** DATA FOR THIS EXERCISE follows **

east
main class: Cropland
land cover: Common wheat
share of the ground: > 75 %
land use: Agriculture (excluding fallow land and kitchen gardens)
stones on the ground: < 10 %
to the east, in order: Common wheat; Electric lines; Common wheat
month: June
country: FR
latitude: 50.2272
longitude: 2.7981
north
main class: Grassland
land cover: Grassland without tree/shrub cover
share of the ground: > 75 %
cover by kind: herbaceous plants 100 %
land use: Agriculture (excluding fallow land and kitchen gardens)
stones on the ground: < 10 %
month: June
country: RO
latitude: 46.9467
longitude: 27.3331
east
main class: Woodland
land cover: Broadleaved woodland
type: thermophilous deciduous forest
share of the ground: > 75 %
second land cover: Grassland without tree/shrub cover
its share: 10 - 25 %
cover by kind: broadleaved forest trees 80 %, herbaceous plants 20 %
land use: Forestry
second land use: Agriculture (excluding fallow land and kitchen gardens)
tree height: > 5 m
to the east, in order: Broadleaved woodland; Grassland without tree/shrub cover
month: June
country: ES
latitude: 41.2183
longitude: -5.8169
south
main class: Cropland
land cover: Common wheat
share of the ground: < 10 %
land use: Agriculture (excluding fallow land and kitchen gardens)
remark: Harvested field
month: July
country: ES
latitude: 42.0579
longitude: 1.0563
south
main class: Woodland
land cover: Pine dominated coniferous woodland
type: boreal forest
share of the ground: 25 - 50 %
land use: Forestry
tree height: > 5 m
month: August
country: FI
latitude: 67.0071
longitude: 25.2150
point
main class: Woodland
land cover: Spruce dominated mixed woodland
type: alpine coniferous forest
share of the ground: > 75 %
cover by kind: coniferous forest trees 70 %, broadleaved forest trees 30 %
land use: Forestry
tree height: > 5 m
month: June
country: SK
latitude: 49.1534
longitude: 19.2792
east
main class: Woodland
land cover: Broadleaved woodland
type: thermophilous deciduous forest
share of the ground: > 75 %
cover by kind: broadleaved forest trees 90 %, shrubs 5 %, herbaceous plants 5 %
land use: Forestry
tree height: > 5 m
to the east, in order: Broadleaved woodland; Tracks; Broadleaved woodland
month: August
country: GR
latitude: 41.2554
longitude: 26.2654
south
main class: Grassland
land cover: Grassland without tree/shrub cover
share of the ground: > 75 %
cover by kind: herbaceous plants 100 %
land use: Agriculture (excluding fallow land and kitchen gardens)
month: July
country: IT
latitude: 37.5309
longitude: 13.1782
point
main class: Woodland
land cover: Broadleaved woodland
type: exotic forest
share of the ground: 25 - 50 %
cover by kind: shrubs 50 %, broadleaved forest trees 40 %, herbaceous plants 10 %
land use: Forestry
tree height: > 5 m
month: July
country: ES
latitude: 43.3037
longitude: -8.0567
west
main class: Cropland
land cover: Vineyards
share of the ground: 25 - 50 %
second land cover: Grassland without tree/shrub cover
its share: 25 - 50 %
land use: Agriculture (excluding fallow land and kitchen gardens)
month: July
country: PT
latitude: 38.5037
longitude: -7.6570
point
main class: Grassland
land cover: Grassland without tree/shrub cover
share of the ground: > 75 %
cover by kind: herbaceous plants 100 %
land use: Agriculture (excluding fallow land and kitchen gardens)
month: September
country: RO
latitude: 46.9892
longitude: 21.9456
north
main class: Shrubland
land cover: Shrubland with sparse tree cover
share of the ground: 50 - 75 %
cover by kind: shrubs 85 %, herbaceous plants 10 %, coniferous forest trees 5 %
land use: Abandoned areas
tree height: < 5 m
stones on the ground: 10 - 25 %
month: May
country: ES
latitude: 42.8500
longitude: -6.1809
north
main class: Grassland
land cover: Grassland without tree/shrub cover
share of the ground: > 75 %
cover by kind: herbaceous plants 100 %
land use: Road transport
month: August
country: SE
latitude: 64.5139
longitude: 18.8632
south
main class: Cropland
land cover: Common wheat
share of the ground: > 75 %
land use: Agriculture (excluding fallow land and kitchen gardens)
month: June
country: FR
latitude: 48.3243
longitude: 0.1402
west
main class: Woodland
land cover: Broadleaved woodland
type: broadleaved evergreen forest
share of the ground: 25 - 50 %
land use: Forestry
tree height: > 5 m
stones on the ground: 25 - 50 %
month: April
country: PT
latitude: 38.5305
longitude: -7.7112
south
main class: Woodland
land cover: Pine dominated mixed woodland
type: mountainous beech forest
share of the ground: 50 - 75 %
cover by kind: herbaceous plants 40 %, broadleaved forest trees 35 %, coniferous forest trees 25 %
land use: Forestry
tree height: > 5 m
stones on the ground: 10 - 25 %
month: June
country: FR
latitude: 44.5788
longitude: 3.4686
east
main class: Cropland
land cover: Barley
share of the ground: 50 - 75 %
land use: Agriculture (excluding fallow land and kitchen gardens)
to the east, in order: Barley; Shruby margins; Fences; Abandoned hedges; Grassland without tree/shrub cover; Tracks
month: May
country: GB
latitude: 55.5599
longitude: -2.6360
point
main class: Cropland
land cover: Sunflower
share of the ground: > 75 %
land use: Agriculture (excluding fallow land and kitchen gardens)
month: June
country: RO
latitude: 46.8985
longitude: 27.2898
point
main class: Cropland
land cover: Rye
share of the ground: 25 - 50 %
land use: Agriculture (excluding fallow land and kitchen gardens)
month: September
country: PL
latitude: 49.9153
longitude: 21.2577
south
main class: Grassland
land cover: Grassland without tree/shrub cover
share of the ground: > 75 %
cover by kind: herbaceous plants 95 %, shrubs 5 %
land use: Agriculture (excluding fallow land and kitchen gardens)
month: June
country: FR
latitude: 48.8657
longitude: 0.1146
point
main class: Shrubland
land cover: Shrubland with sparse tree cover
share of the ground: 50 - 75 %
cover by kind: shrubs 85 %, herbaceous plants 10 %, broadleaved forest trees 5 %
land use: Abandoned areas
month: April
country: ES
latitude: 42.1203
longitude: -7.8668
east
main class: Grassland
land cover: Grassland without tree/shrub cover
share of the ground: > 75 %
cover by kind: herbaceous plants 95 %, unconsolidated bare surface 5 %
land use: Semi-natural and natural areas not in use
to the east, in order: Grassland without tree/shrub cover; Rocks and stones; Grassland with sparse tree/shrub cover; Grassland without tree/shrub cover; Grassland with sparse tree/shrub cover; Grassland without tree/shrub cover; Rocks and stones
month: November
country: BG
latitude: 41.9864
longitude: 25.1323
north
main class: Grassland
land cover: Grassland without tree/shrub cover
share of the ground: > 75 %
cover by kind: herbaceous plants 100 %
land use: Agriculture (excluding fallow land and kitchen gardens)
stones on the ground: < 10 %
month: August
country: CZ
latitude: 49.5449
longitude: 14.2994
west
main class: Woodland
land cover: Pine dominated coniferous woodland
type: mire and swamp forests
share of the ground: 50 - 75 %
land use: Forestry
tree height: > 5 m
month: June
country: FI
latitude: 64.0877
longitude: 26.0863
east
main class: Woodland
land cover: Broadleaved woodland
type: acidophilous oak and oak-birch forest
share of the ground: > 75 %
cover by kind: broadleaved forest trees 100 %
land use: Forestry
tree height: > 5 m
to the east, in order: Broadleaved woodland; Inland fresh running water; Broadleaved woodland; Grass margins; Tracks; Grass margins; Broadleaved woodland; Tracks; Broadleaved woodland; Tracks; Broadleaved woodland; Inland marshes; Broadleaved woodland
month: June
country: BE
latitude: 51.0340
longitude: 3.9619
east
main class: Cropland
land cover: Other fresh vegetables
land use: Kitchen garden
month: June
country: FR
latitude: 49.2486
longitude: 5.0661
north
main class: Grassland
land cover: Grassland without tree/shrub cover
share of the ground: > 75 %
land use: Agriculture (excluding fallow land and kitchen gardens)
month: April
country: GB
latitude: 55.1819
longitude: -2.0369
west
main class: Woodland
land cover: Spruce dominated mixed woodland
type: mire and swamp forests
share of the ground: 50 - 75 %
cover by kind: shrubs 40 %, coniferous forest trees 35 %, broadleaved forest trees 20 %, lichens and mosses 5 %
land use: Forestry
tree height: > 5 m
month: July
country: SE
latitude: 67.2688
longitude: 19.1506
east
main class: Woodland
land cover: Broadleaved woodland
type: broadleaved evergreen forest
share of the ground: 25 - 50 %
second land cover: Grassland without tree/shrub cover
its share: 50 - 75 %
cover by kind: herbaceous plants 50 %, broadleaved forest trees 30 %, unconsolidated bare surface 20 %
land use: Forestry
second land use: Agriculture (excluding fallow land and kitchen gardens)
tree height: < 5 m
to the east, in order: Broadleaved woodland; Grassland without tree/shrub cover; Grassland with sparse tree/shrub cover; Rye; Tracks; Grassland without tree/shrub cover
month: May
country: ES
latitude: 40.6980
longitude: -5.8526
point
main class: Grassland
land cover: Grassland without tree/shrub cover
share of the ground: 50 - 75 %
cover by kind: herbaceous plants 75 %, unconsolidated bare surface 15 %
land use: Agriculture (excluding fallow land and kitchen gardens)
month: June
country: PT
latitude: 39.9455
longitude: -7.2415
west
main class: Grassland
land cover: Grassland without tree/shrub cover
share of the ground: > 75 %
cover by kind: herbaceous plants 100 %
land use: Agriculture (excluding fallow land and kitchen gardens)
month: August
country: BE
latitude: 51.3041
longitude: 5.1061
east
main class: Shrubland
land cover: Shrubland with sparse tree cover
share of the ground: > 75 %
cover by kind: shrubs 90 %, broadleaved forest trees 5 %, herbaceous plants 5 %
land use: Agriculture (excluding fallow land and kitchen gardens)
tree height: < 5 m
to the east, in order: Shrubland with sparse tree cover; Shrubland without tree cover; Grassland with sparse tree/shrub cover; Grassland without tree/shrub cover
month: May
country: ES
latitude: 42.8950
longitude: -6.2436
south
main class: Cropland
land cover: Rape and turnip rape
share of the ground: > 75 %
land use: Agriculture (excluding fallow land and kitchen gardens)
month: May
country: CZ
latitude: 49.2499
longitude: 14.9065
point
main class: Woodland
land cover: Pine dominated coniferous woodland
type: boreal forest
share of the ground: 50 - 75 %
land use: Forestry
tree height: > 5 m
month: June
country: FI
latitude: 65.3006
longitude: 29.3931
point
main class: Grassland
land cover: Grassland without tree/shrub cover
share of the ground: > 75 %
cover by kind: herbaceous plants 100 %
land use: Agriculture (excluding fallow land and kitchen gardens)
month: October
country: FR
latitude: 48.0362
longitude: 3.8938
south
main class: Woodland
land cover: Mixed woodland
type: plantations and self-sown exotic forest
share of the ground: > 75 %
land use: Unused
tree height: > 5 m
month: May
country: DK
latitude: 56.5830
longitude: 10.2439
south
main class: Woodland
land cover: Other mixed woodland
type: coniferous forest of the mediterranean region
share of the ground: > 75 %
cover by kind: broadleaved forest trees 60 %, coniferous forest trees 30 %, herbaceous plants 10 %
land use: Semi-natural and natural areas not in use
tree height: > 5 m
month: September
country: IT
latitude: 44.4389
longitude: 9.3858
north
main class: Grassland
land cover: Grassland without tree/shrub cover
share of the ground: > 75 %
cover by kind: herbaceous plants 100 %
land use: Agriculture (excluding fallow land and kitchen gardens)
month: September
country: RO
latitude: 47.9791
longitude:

** End of DATA FOR THIS EXERCISE **

TASK DIRECTIONS:
Please give the number of lines with "surface" in the entries above, and write no other text.

ANSWER TO THIS TASK:
3